This massive increase in pumping threatens the survival of endangered winter-run Chinook salmon, threatened spring-run Chinook salmon, threatened Central Valley steelhead, and many more imperiled native fish that are currently migrating through the Delta. As California’s Attorney General explained in a letter asking Reclamation to reduce its pumping:

Early April is a critical time for endangered and threatened species that live in or migrate through the Delta. Approximately half of the juvenile populations of both Winter-run and Spring-run Chinook Salmon are currently present in the Delta and vulnerable to entrainment caused by Reclamation’s increased pumping. Critically endangered Delta smelt are likely spawning or rearing, and both spawning adult and larval Longfin Smelt are likely present in high densities. These smelt populations are also exposed to the dangers of entrainment caused by Reclamation’s increased rate of export. Reclamation’s greatly increased pumping over the requirements of the 2008/2009 BiOp also contradicts its submission in the White Declaration that the elimination of the I:E ratio should have no effect on Delta outflows this year. (Para. 55). Operating the Jones Pumping Plant at 2,700 (or more) cfs will alter Delta outflows compared to the 900 cfs that would have been required under the 2008/2009 BiOps. In order to conform its actions to the representations made to the District Court for the Eastern District of California, Reclamation must immediately reduce exports to at most 900 cfs and not increase pumping beyond the greater of minimum health and safety flows or the 1:1 I:E ratio for the remainder of April and May 2020.

Because of this threat, NRDC and our co-plaintiffs have asked the Court to temporarily restrain Reclamation from pumping in excess of the combined 1,500 cfs limit that it projected for April. The Court will likely rule on Tuesday.

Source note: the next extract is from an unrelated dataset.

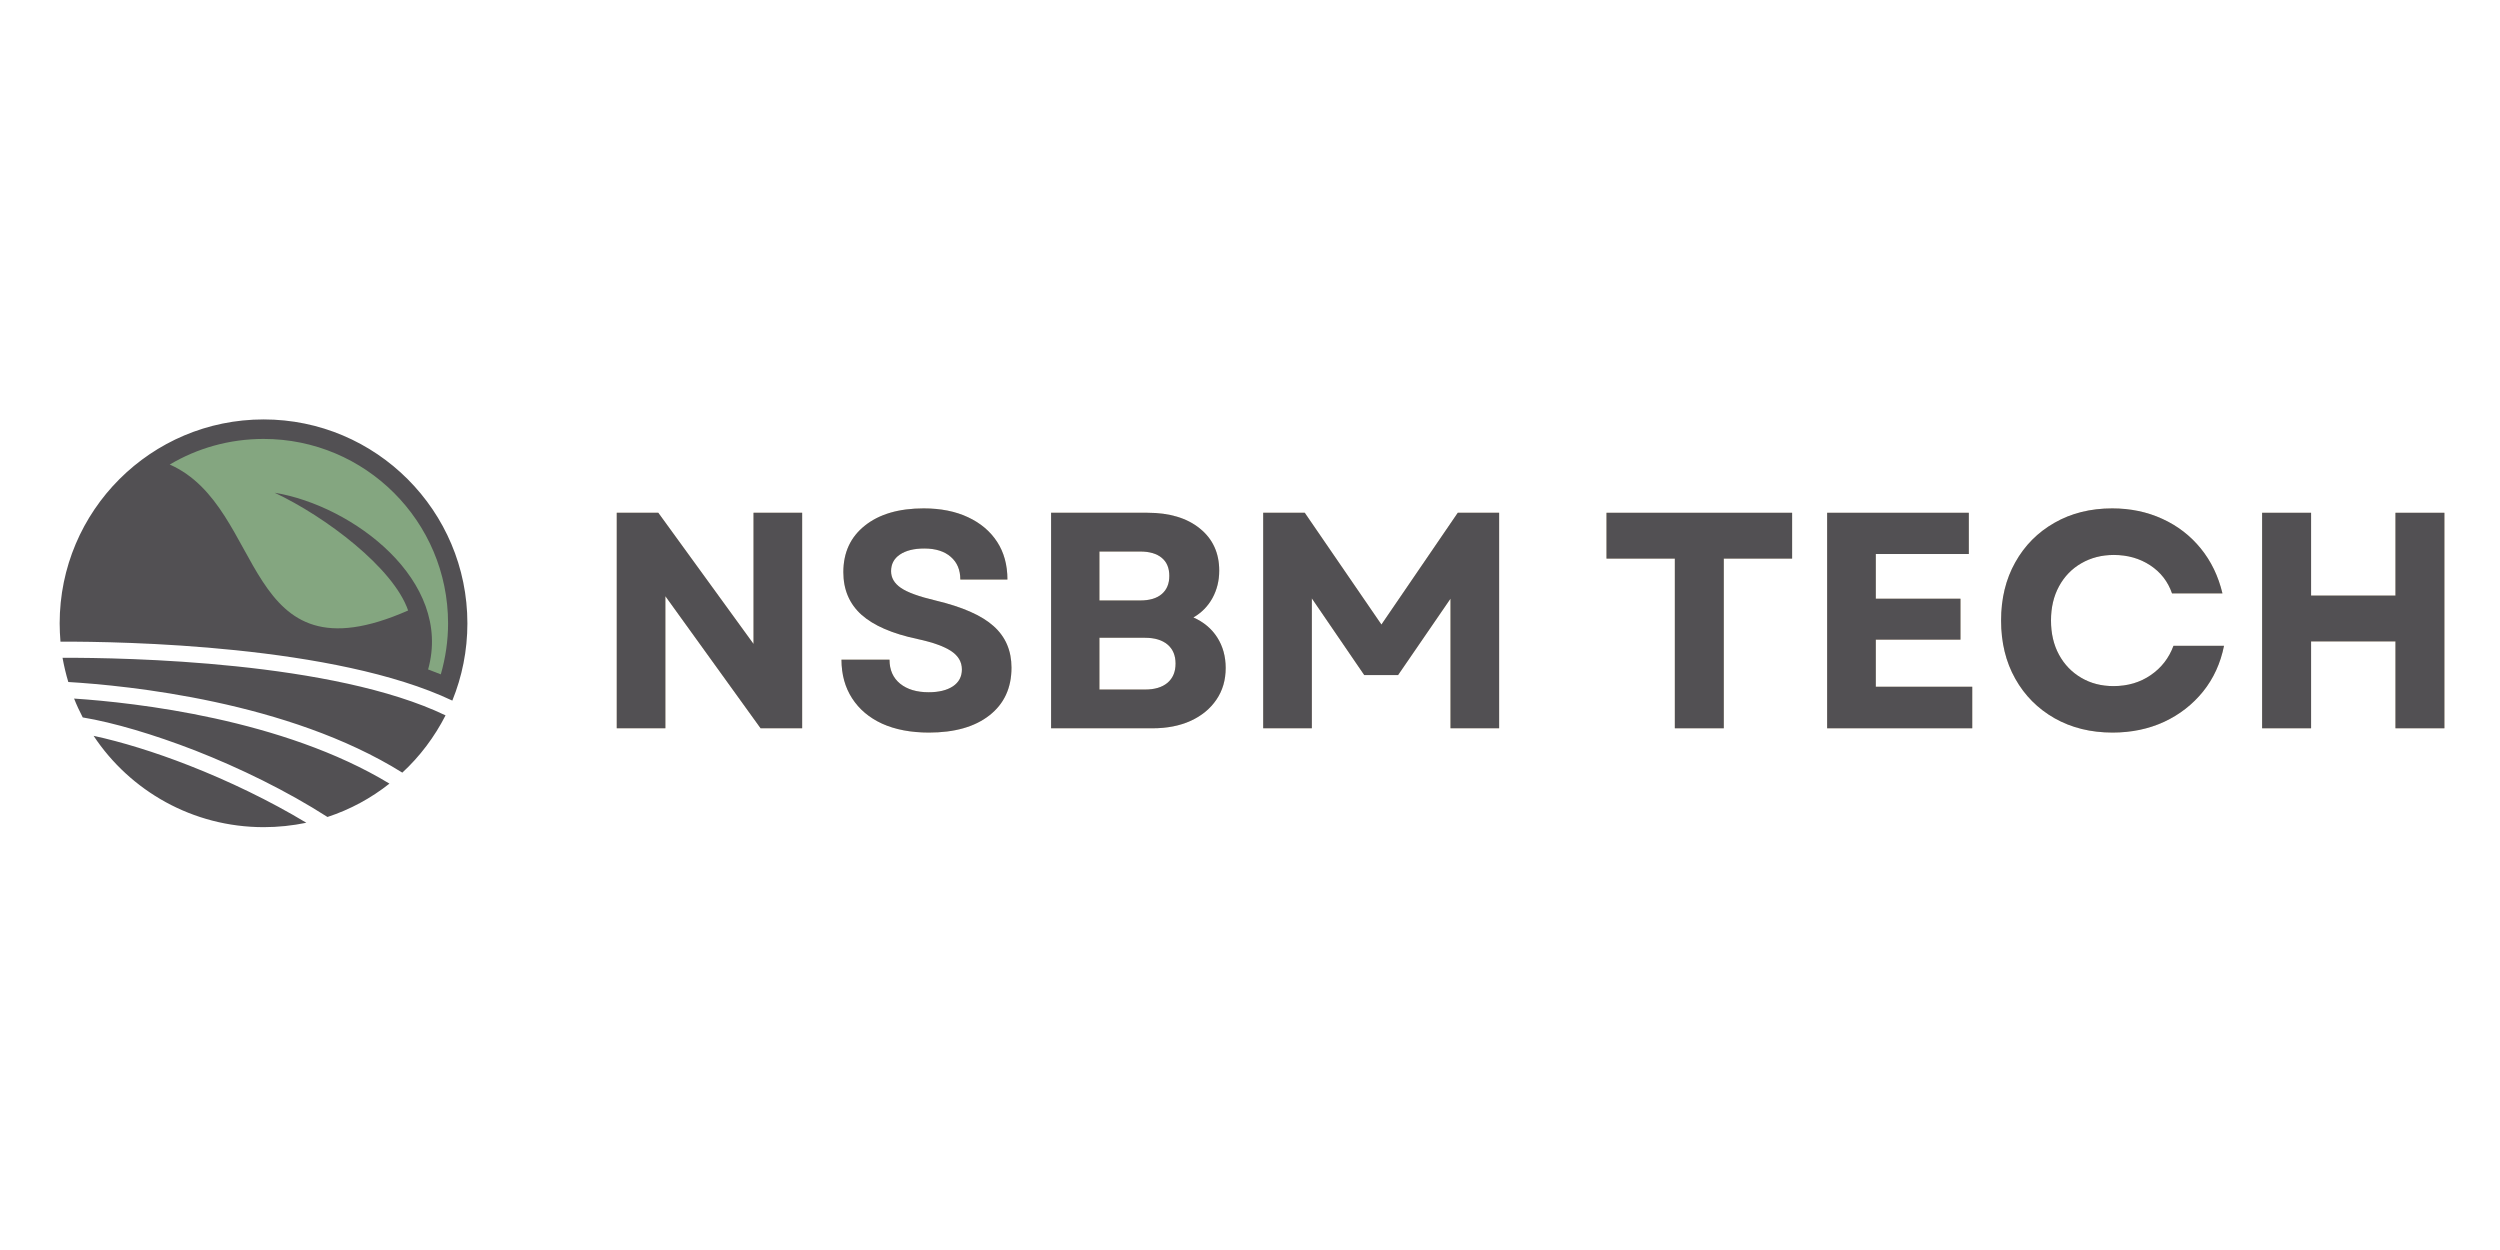 <svg xmlns="http://www.w3.org/2000/svg" xmlns:xlink="http://www.w3.org/1999/xlink" width="500" zoomAndPan="magnify" viewBox="0 0 375 187.5" height="250" preserveAspectRatio="xMidYMid meet"><defs><g></g><clipPath id="e8f4e4ce76"><path d="M 8.949 62.914 L 70.285 62.914 L 70.285 124.25 L 8.949 124.25 Z M 8.949 62.914 " clip-rule="nonzero"></path></clipPath><clipPath id="97008c4e20"><rect x="0" width="284" y="0" height="69"></rect></clipPath></defs><g clip-path="url(#e8f4e4ce76)"><path fill="#525053" d="M 39.543 62.914 C 56.41 62.914 70.109 76.613 70.109 93.508 C 70.109 97.594 69.305 101.508 67.848 105.09 C 50.293 96.762 18.406 96.223 9.07 96.246 C 9 95.332 8.949 94.414 8.949 93.508 C 8.949 76.613 22.648 62.914 39.543 62.914 Z M 41.195 73.91 C 48.789 77.473 59.027 85.164 61.219 91.574 C 36.055 102.656 40.105 76.176 25.465 69.68 C 29.586 67.246 34.406 65.84 39.543 65.84 C 54.809 65.84 67.211 78.219 67.211 93.508 C 67.211 96.102 66.832 98.695 66.121 101.152 C 65.742 101.008 65.34 100.848 64.949 100.699 L 64.215 100.418 C 67.945 87.109 52.938 75.844 41.195 73.91 Z M 66.832 107.305 C 65.18 110.535 62.992 113.457 60.348 115.895 C 43.25 105.203 19.043 102.828 10.246 102.301 C 9.891 101.129 9.609 99.918 9.379 98.668 C 18.957 98.645 50.012 99.219 66.832 107.305 Z M 58.418 117.543 C 55.652 119.734 52.52 121.434 49.121 122.547 C 43.016 118.633 35.984 115.207 29.254 112.566 C 23.027 110.156 17.086 108.395 12.41 107.613 C 11.934 106.695 11.492 105.754 11.113 104.785 C 20.277 105.398 42.418 107.844 58.418 117.543 Z M 45.953 123.414 C 43.871 123.844 41.73 124.074 39.555 124.074 C 28.914 124.074 19.508 118.633 14.039 110.375 C 18.184 111.27 23.164 112.785 28.375 114.828 C 34.281 117.141 40.434 120.09 45.953 123.414 Z M 45.953 123.414 " fill-opacity="1" fill-rule="nonzero"></path></g><path fill="#84a680" d="M 61.219 91.574 C 59.027 85.176 48.789 77.473 41.195 73.91 C 52.938 75.844 67.945 87.098 64.215 100.418 L 64.949 100.699 L 66.121 101.152 C 66.832 98.695 67.211 96.102 67.211 93.508 C 67.211 78.207 54.809 65.84 39.543 65.84 C 34.406 65.84 29.586 67.234 25.465 69.68 C 40.105 76.176 36.055 102.656 61.219 91.574 Z M 61.219 91.574 " fill-opacity="1" fill-rule="nonzero"></path><g transform="matrix(1, 0, 0, 1, 87, 59)"><g clip-path="url(#97008c4e20)"><g fill="#c69a46" fill-opacity="0.4"><g transform="translate(1.636, 50.243)"><g><path d="M 3.875 0 L 3.875 -32.328 L 10.109 -32.328 L 24.391 -12.656 L 24.391 -32.328 L 31.688 -32.328 L 31.688 0 L 25.453 0 L 11.172 -19.812 L 11.172 0 Z M 3.875 0 "></path></g></g></g><g fill="#c69a46" fill-opacity="0.4"><g transform="translate(37.191, 50.243)"><g><path d="M 15.156 0.641 C 12.438 0.641 10.098 0.195 8.141 -0.688 C 6.191 -1.582 4.688 -2.852 3.625 -4.5 C 2.562 -6.145 2.031 -8.078 2.031 -10.297 L 9.234 -10.297 C 9.234 -8.754 9.766 -7.551 10.828 -6.688 C 11.891 -5.832 13.316 -5.406 15.109 -5.406 C 16.641 -5.406 17.852 -5.703 18.75 -6.297 C 19.645 -6.898 20.094 -7.742 20.094 -8.828 C 20.094 -9.961 19.551 -10.883 18.469 -11.594 C 17.395 -12.301 15.719 -12.898 13.438 -13.391 C 9.656 -14.191 6.852 -15.406 5.031 -17.031 C 3.219 -18.664 2.312 -20.797 2.312 -23.422 C 2.312 -26.367 3.391 -28.695 5.547 -30.406 C 7.703 -32.125 10.641 -32.984 14.359 -32.984 C 16.922 -32.984 19.141 -32.539 21.016 -31.656 C 22.891 -30.781 24.344 -29.551 25.375 -27.969 C 26.406 -26.383 26.922 -24.5 26.922 -22.312 L 19.859 -22.312 C 19.859 -23.758 19.379 -24.895 18.422 -25.719 C 17.473 -26.551 16.148 -26.969 14.453 -26.969 C 12.91 -26.969 11.691 -26.664 10.797 -26.062 C 9.91 -25.469 9.469 -24.633 9.469 -23.562 C 9.469 -22.57 9.957 -21.738 10.938 -21.062 C 11.926 -20.383 13.656 -19.754 16.125 -19.172 C 20.156 -18.211 23.062 -16.93 24.844 -15.328 C 26.633 -13.734 27.531 -11.656 27.531 -9.094 C 27.531 -6.051 26.426 -3.664 24.219 -1.938 C 22.02 -0.219 19 0.641 15.156 0.641 Z M 15.156 0.641 "></path></g></g></g><g fill="#c69a46" fill-opacity="0.4"><g transform="translate(66.789, 50.243)"><g><path d="M 3.875 0 L 3.875 -32.328 L 18.344 -32.328 C 21.633 -32.328 24.25 -31.539 26.188 -29.969 C 28.125 -28.406 29.094 -26.297 29.094 -23.641 C 29.094 -22.141 28.754 -20.77 28.078 -19.531 C 27.398 -18.301 26.445 -17.332 25.219 -16.625 C 26.758 -15.945 27.953 -14.945 28.797 -13.625 C 29.641 -12.301 30.062 -10.773 30.062 -9.047 C 30.062 -7.234 29.598 -5.648 28.672 -4.297 C 27.754 -2.941 26.473 -1.883 24.828 -1.125 C 23.18 -0.375 21.266 0 19.078 0 Z M 11.125 -5.812 L 17.969 -5.812 C 19.414 -5.812 20.539 -6.148 21.344 -6.828 C 22.145 -7.516 22.547 -8.473 22.547 -9.703 C 22.547 -10.93 22.145 -11.883 21.344 -12.562 C 20.539 -13.238 19.414 -13.578 17.969 -13.578 L 11.125 -13.578 Z M 11.125 -19.172 L 17.234 -19.172 C 18.648 -19.172 19.734 -19.492 20.484 -20.141 C 21.234 -20.785 21.609 -21.691 21.609 -22.859 C 21.609 -24.035 21.234 -24.938 20.484 -25.562 C 19.734 -26.195 18.648 -26.516 17.234 -26.516 L 11.125 -26.516 Z M 11.125 -19.172 "></path></g></g></g><g fill="#c69a46" fill-opacity="0.4"><g transform="translate(98.604, 50.243)"><g><path d="M 3.875 0 L 3.875 -32.328 L 10.109 -32.328 L 21.609 -15.562 L 33.062 -32.328 L 39.266 -32.328 L 39.266 0 L 31.969 0 L 31.969 -19.438 L 24.109 -7.984 L 19.031 -7.984 L 11.172 -19.484 L 11.172 0 Z M 3.875 0 "></path></g></g></g><g fill="#c69a46" fill-opacity="0.4"><g transform="translate(141.732, 50.243)"><g></g></g></g><g fill="#c69a46" fill-opacity="0.4"><g transform="translate(152.583, 50.243)"><g><path d="M 11.641 0 L 11.641 -25.453 L 1.391 -25.453 L 1.391 -32.328 L 29.234 -32.328 L 29.234 -25.453 L 18.984 -25.453 L 18.984 0 Z M 11.641 0 "></path></g></g></g><g fill="#c69a46" fill-opacity="0.4"><g transform="translate(183.197, 50.243)"><g><path d="M 3.875 0 L 3.875 -32.328 L 25.125 -32.328 L 25.125 -26.141 L 11.172 -26.141 L 11.172 -19.438 L 23.875 -19.438 L 23.875 -13.297 L 11.172 -13.297 L 11.172 -6.234 L 25.641 -6.234 L 25.641 0 Z M 3.875 0 "></path></g></g></g><g fill="#c69a46" fill-opacity="0.4"><g transform="translate(211.18, 50.243)"><g><path d="M 18.703 0.641 C 15.441 0.641 12.547 -0.07 10.016 -1.5 C 7.492 -2.938 5.523 -4.914 4.109 -7.438 C 2.691 -9.957 1.984 -12.867 1.984 -16.172 C 1.984 -19.461 2.691 -22.367 4.109 -24.891 C 5.523 -27.422 7.488 -29.398 10 -30.828 C 12.508 -32.266 15.395 -32.984 18.656 -32.984 C 21.395 -32.984 23.906 -32.457 26.188 -31.406 C 28.469 -30.363 30.383 -28.883 31.938 -26.969 C 33.488 -25.062 34.57 -22.816 35.188 -20.234 L 27.625 -20.234 C 27.008 -22.016 25.914 -23.422 24.344 -24.453 C 22.77 -25.484 20.953 -26 18.891 -26 C 17.078 -26 15.453 -25.582 14.016 -24.75 C 12.586 -23.926 11.473 -22.773 10.672 -21.297 C 9.867 -19.816 9.469 -18.109 9.469 -16.172 C 9.469 -14.223 9.867 -12.508 10.672 -11.031 C 11.473 -9.562 12.582 -8.41 14 -7.578 C 15.414 -6.742 17.031 -6.328 18.844 -6.328 C 20.969 -6.328 22.828 -6.875 24.422 -7.969 C 26.023 -9.062 27.164 -10.531 27.844 -12.375 L 35.422 -12.375 C 34.898 -9.758 33.852 -7.473 32.281 -5.516 C 30.707 -3.566 28.758 -2.051 26.438 -0.969 C 24.113 0.102 21.535 0.641 18.703 0.641 Z M 18.703 0.641 "></path></g></g></g><g fill="#c69a46" fill-opacity="0.4"><g transform="translate(248.443, 50.243)"><g><path d="M 23.875 0 L 23.875 -13.031 L 11.219 -13.031 L 11.219 0 L 3.875 0 L 3.875 -32.328 L 11.219 -32.328 L 11.219 -19.906 L 23.875 -19.906 L 23.875 -32.328 L 31.219 -32.328 L 31.219 0 Z M 23.875 0 "></path></g></g></g><g fill="#525053" fill-opacity="1"><g transform="translate(1.636, 50.243)"><g><path d="M 3.875 0 L 3.875 -32.328 L 10.109 -32.328 L 24.391 -12.656 L 24.391 -32.328 L 31.688 -32.328 L 31.688 0 L 25.453 0 L 11.172 -19.812 L 11.172 0 Z M 3.875 0 "></path></g></g></g><g fill="#525053" fill-opacity="1"><g transform="translate(37.191, 50.243)"><g><path d="M 15.156 0.641 C 12.438 0.641 10.098 0.195 8.141 -0.688 C 6.191 -1.582 4.688 -2.852 3.625 -4.5 C 2.562 -6.145 2.031 -8.078 2.031 -10.297 L 9.234 -10.297 C 9.234 -8.754 9.766 -7.551 10.828 -6.688 C 11.891 -5.832 13.316 -5.406 15.109 -5.406 C 16.641 -5.406 17.852 -5.703 18.75 -6.297 C 19.645 -6.898 20.094 -7.742 20.094 -8.828 C 20.094 -9.961 19.551 -10.883 18.469 -11.594 C 17.395 -12.301 15.719 -12.898 13.438 -13.391 C 9.656 -14.191 6.852 -15.406 5.031 -17.031 C 3.219 -18.664 2.312 -20.797 2.312 -23.422 C 2.312 -26.367 3.391 -28.695 5.547 -30.406 C 7.703 -32.125 10.641 -32.984 14.359 -32.984 C 16.922 -32.984 19.141 -32.539 21.016 -31.656 C 22.891 -30.781 24.344 -29.551 25.375 -27.969 C 26.406 -26.383 26.922 -24.5 26.922 -22.312 L 19.859 -22.312 C 19.859 -23.758 19.379 -24.895 18.422 -25.719 C 17.473 -26.551 16.148 -26.969 14.453 -26.969 C 12.91 -26.969 11.691 -26.664 10.797 -26.062 C 9.91 -25.469 9.469 -24.633 9.469 -23.562 C 9.469 -22.57 9.957 -21.738 10.938 -21.062 C 11.926 -20.383 13.656 -19.754 16.125 -19.172 C 20.156 -18.211 23.062 -16.93 24.844 -15.328 C 26.633 -13.734 27.531 -11.656 27.531 -9.094 C 27.531 -6.051 26.426 -3.664 24.219 -1.938 C 22.02 -0.219 19 0.641 15.156 0.641 Z M 15.156 0.641 "></path></g></g></g><g fill="#525053" fill-opacity="1"><g transform="translate(66.789, 50.243)"><g><path d="M 3.875 0 L 3.875 -32.328 L 18.344 -32.328 C 21.633 -32.328 24.25 -31.539 26.188 -29.969 C 28.125 -28.406 29.094 -26.297 29.094 -23.641 C 29.094 -22.141 28.754 -20.77 28.078 -19.531 C 27.398 -18.301 26.445 -17.332 25.219 -16.625 C 26.758 -15.945 27.953 -14.945 28.797 -13.625 C 29.641 -12.301 30.062 -10.773 30.062 -9.047 C 30.062 -7.234 29.598 -5.648 28.672 -4.297 C 27.754 -2.941 26.473 -1.883 24.828 -1.125 C 23.18 -0.375 21.266 0 19.078 0 Z M 11.125 -5.812 L 17.969 -5.812 C 19.414 -5.812 20.539 -6.148 21.344 -6.828 C 22.145 -7.516 22.547 -8.473 22.547 -9.703 C 22.547 -10.93 22.145 -11.883 21.344 -12.562 C 20.539 -13.238 19.414 -13.578 17.969 -13.578 L 11.125 -13.578 Z M 11.125 -19.172 L 17.234 -19.172 C 18.648 -19.172 19.734 -19.492 20.484 -20.141 C 21.234 -20.785 21.609 -21.691 21.609 -22.859 C 21.609 -24.035 21.234 -24.938 20.484 -25.562 C 19.734 -26.195 18.648 -26.516 17.234 -26.516 L 11.125 -26.516 Z M 11.125 -19.172 "></path></g></g></g><g fill="#525053" fill-opacity="1"><g transform="translate(98.604, 50.243)"><g><path d="M 3.875 0 L 3.875 -32.328 L 10.109 -32.328 L 21.609 -15.562 L 33.062 -32.328 L 39.266 -32.328 L 39.266 0 L 31.969 0 L 31.969 -19.438 L 24.109 -7.984 L 19.031 -7.984 L 11.172 -19.484 L 11.172 0 Z M 3.875 0 "></path></g></g></g><g fill="#525053" fill-opacity="1"><g transform="translate(141.732, 50.243)"><g></g></g></g><g fill="#525053" fill-opacity="1"><g transform="translate(152.583, 50.243)"><g><path d="M 11.641 0 L 11.641 -25.453 L 1.391 -25.453 L 1.391 -32.328 L 29.234 -32.328 L 29.234 -25.453 L 18.984 -25.453 L 18.984 0 Z M 11.641 0 "></path></g></g></g><g fill="#525053" fill-opacity="1"><g transform="translate(183.197, 50.243)"><g><path d="M 3.875 0 L 3.875 -32.328 L 25.125 -32.328 L 25.125 -26.141 L 11.172 -26.141 L 11.172 -19.438 L 23.875 -19.438 L 23.875 -13.297 L 11.172 -13.297 L 11.172 -6.234 L 25.641 -6.234 L 25.641 0 Z M 3.875 0 "></path></g></g></g><g fill="#525053" fill-opacity="1"><g transform="translate(211.18, 50.243)"><g><path d="M 18.703 0.641 C 15.441 0.641 12.547 -0.07 10.016 -1.5 C 7.492 -2.938 5.523 -4.914 4.109 -7.438 C 2.691 -9.957 1.984 -12.867 1.984 -16.172 C 1.984 -19.461 2.691 -22.367 4.109 -24.891 C 5.523 -27.422 7.488 -29.398 10 -30.828 C 12.508 -32.266 15.395 -32.984 18.656 -32.984 C 21.395 -32.984 23.906 -32.457 26.188 -31.406 C 28.469 -30.363 30.383 -28.883 31.938 -26.969 C 33.488 -25.062 34.57 -22.816 35.188 -20.234 L 27.625 -20.234 C 27.008 -22.016 25.914 -23.422 24.344 -24.453 C 22.77 -25.484 20.953 -26 18.891 -26 C 17.078 -26 15.453 -25.582 14.016 -24.75 C 12.586 -23.926 11.473 -22.773 10.672 -21.297 C 9.867 -19.816 9.469 -18.109 9.469 -16.172 C 9.469 -14.223 9.867 -12.508 10.672 -11.031 C 11.473 -9.562 12.582 -8.41 14 -7.578 C 15.414 -6.742 17.031 -6.328 18.844 -6.328 C 20.969 -6.328 22.828 -6.875 24.422 -7.969 C 26.023 -9.062 27.164 -10.531 27.844 -12.375 L 35.422 -12.375 C 34.898 -9.758 33.852 -7.473 32.281 -5.516 C 30.707 -3.566 28.758 -2.051 26.438 -0.969 C 24.113 0.102 21.535 0.641 18.703 0.641 Z M 18.703 0.641 "></path></g></g></g><g fill="#525053" fill-opacity="1"><g transform="translate(248.443, 50.243)"><g><path d="M 23.875 0 L 23.875 -13.031 L 11.219 -13.031 L 11.219 0 L 3.875 0 L 3.875 -32.328 L 11.219 -32.328 L 11.219 -19.906 L 23.875 -19.906 L 23.875 -32.328 L 31.219 -32.328 L 31.219 0 Z M 23.875 0 "></path></g></g></g></g></g></svg>

The second alarming incident of malfeasance at Reclamation came to our attention in a recent FOIA response. In that response, CDFW employees raised the alarm that a Reclamation employee at the CVP pumps was falsifying data about how many fish had been salvaged and killed at the pumps. As CDFW explains (in the last three pages of this highly redacted document):

CDFW has been made aware that, at least since April 8, 2019, some of the fish data collected at the [Tracy Fish Collection Facility] has been falsified. Specifically, we received notice that at least one operator has failed to record presence of Chinook salmon after refusing to process salmonids (Table 1). Table 1 shows a clear and consistent pattern of zero catch of Chinook salmon from the operator in question after April 7, 2019, despite other operators recording detections of that species regularly.  This raises concerns about data quality for all species....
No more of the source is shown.